Work instructions
Which lines of the records contain the word "leaning"? Copy each one.

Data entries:
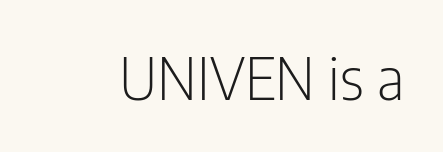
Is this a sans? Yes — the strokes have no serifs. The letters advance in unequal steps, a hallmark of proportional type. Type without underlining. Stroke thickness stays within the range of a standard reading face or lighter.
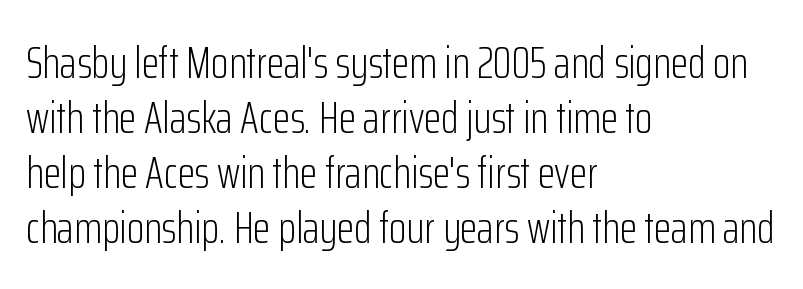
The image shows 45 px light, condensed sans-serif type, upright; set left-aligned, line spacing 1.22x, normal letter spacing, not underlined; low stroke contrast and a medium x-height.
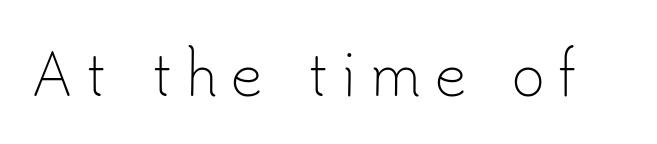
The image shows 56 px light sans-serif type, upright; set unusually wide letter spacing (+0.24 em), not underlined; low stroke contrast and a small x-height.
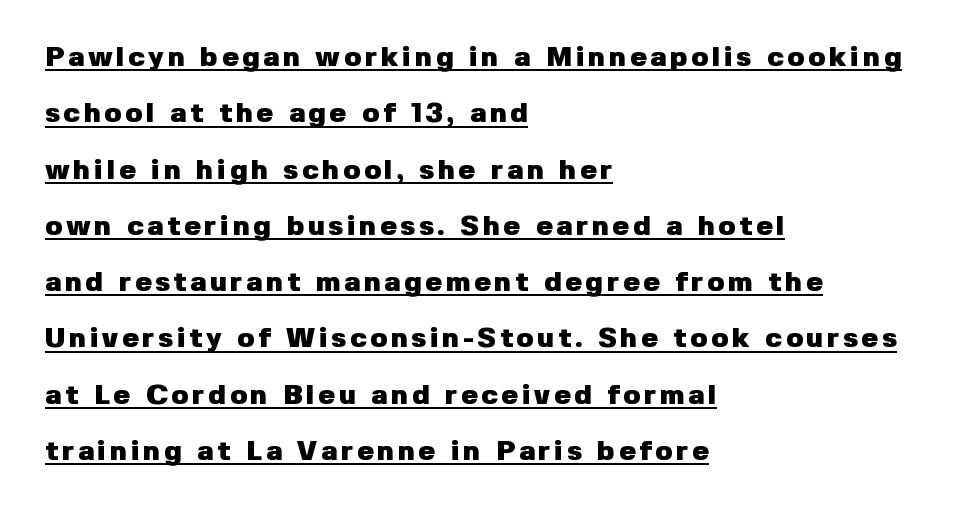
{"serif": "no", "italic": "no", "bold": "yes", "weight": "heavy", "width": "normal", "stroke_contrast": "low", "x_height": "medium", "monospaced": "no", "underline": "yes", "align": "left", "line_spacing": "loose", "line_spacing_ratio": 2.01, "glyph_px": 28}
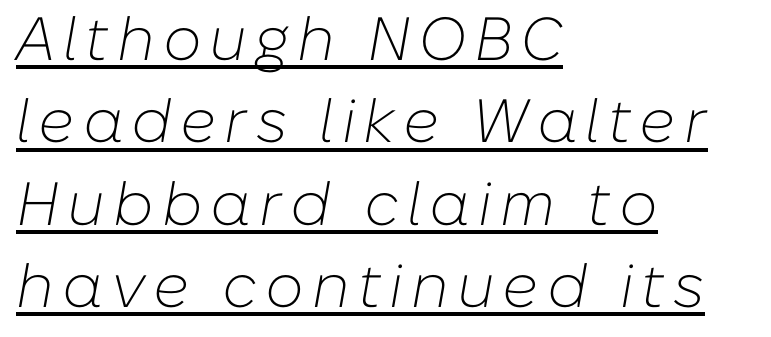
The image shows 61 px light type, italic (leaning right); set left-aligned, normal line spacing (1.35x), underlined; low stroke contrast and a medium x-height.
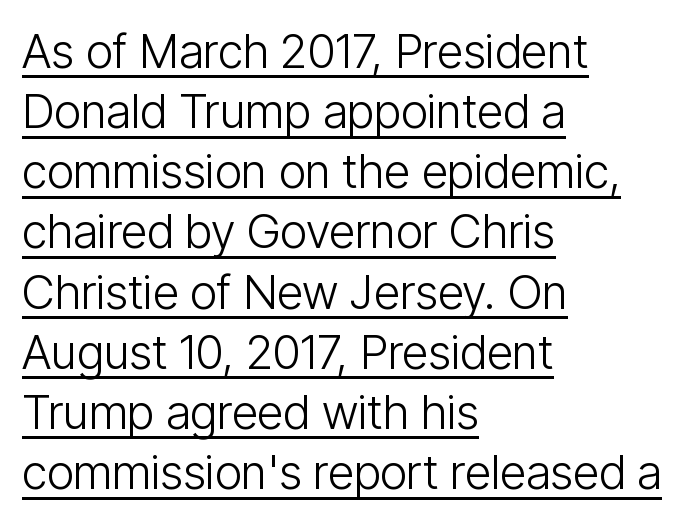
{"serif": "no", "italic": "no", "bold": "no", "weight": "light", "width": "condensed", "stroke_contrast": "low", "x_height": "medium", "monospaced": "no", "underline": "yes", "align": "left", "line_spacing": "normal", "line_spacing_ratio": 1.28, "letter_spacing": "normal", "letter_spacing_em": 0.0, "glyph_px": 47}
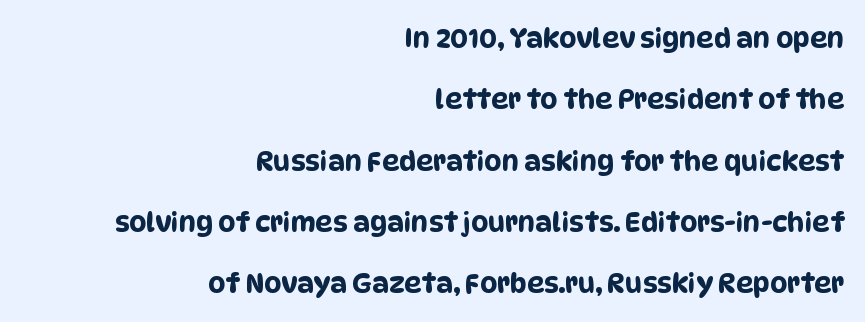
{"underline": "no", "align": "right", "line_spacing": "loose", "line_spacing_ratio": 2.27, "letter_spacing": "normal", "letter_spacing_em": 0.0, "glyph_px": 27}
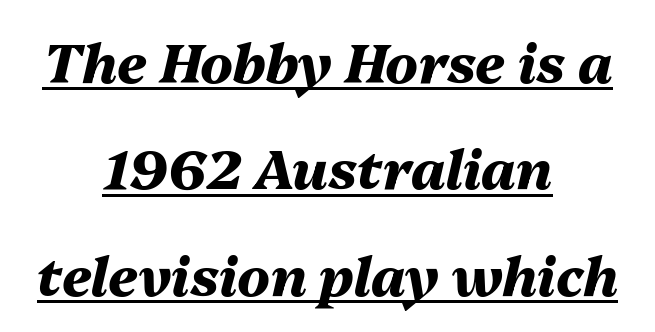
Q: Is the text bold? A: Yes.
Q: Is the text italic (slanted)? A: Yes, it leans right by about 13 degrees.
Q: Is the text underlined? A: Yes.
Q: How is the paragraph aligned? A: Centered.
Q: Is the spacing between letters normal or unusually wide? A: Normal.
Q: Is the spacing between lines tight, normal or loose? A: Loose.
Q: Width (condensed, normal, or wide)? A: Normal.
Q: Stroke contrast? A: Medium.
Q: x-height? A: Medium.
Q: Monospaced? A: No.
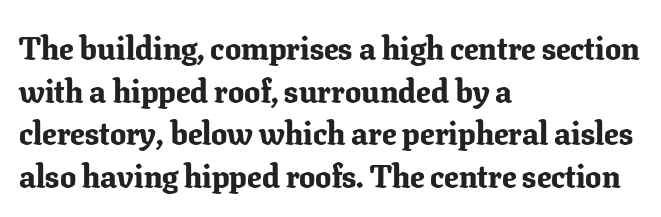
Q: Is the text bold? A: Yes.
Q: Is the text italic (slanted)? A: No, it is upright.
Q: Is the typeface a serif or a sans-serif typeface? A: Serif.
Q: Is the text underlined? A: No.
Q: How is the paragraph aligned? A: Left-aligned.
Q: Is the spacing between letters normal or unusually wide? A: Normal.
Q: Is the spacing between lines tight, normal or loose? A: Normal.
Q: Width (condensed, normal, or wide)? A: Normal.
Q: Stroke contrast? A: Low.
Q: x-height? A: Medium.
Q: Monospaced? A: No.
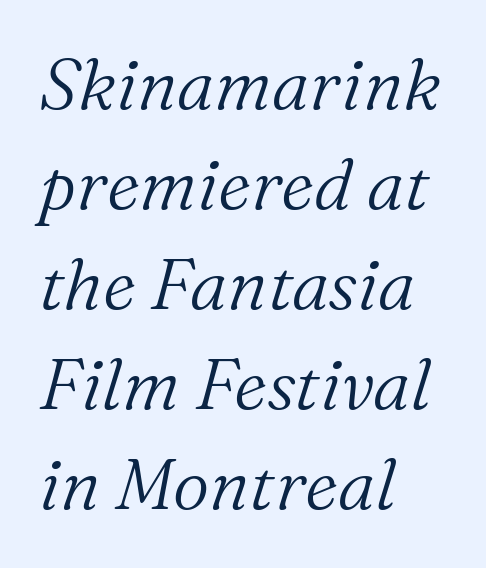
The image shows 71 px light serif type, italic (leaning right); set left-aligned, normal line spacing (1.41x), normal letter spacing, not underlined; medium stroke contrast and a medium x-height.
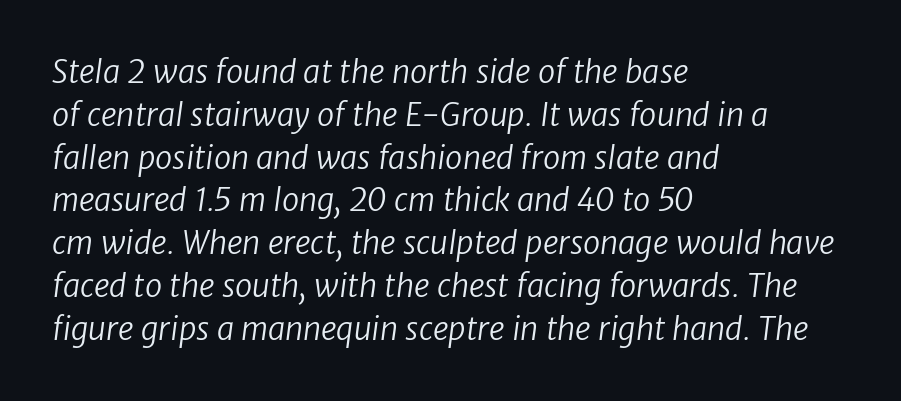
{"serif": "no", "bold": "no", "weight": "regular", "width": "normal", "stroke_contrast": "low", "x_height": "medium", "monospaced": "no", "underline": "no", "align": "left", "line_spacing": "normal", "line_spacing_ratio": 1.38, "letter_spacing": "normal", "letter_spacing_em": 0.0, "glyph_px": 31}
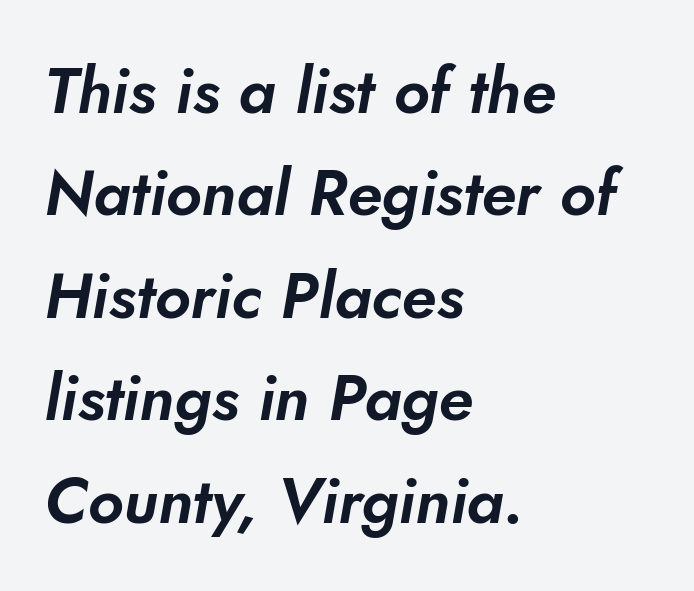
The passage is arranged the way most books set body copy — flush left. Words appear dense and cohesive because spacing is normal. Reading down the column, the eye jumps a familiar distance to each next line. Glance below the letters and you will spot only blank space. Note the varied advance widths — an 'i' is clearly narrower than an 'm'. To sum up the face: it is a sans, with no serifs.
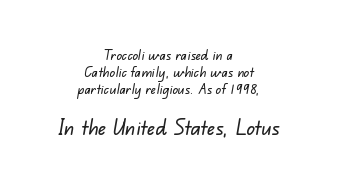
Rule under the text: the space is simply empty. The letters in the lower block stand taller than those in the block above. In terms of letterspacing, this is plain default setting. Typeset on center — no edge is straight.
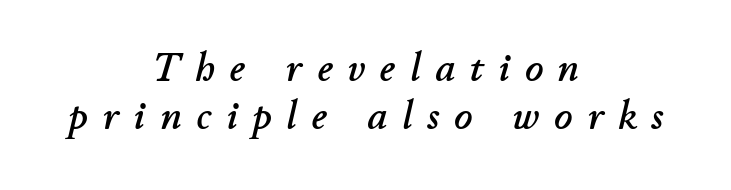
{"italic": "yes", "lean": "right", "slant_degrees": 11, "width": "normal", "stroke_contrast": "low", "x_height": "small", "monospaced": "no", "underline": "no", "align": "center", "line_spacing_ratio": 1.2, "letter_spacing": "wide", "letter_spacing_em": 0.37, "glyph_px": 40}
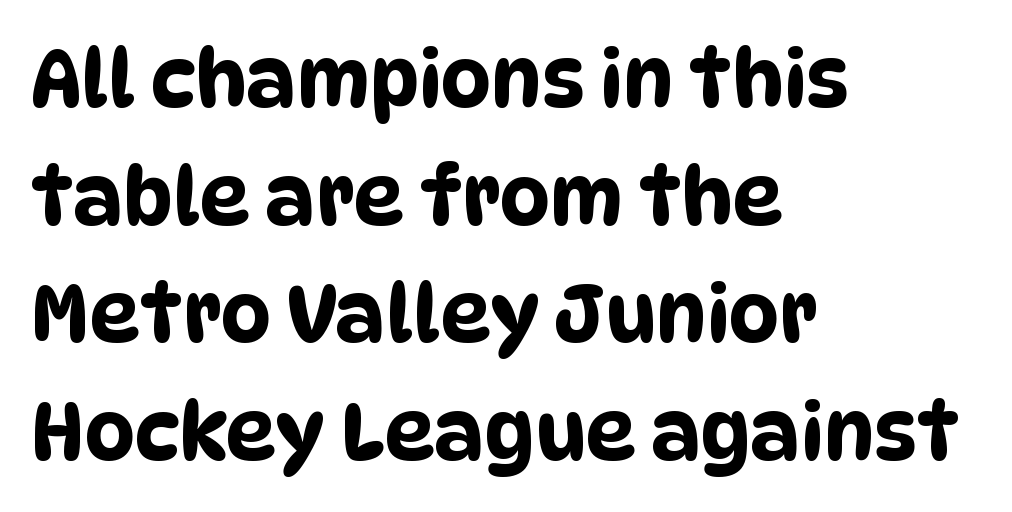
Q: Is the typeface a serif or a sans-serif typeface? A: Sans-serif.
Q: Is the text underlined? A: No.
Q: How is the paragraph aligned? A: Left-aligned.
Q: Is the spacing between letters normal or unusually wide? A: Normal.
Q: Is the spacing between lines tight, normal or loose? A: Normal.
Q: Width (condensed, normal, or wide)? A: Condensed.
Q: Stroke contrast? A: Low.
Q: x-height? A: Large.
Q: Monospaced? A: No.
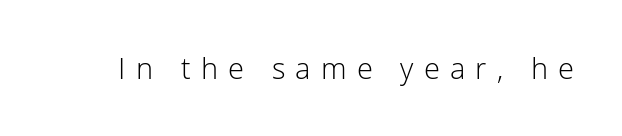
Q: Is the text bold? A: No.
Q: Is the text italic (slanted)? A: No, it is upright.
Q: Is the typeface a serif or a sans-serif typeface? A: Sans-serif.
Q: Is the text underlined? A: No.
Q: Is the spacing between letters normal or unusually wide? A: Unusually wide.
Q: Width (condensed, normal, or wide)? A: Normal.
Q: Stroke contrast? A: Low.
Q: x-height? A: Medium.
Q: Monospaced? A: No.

Written reply
The image shows 61 px light type, italic (leaning right); set left-aligned, normal line spacing (1.35x), underlined; low stroke contrast and a medium x-height.
The image shows 71 px light serif type, italic (leaning right); set left-aligned, normal line spacing (1.41x), normal letter spacing, not underlined; medium stroke contrast and a medium x-height.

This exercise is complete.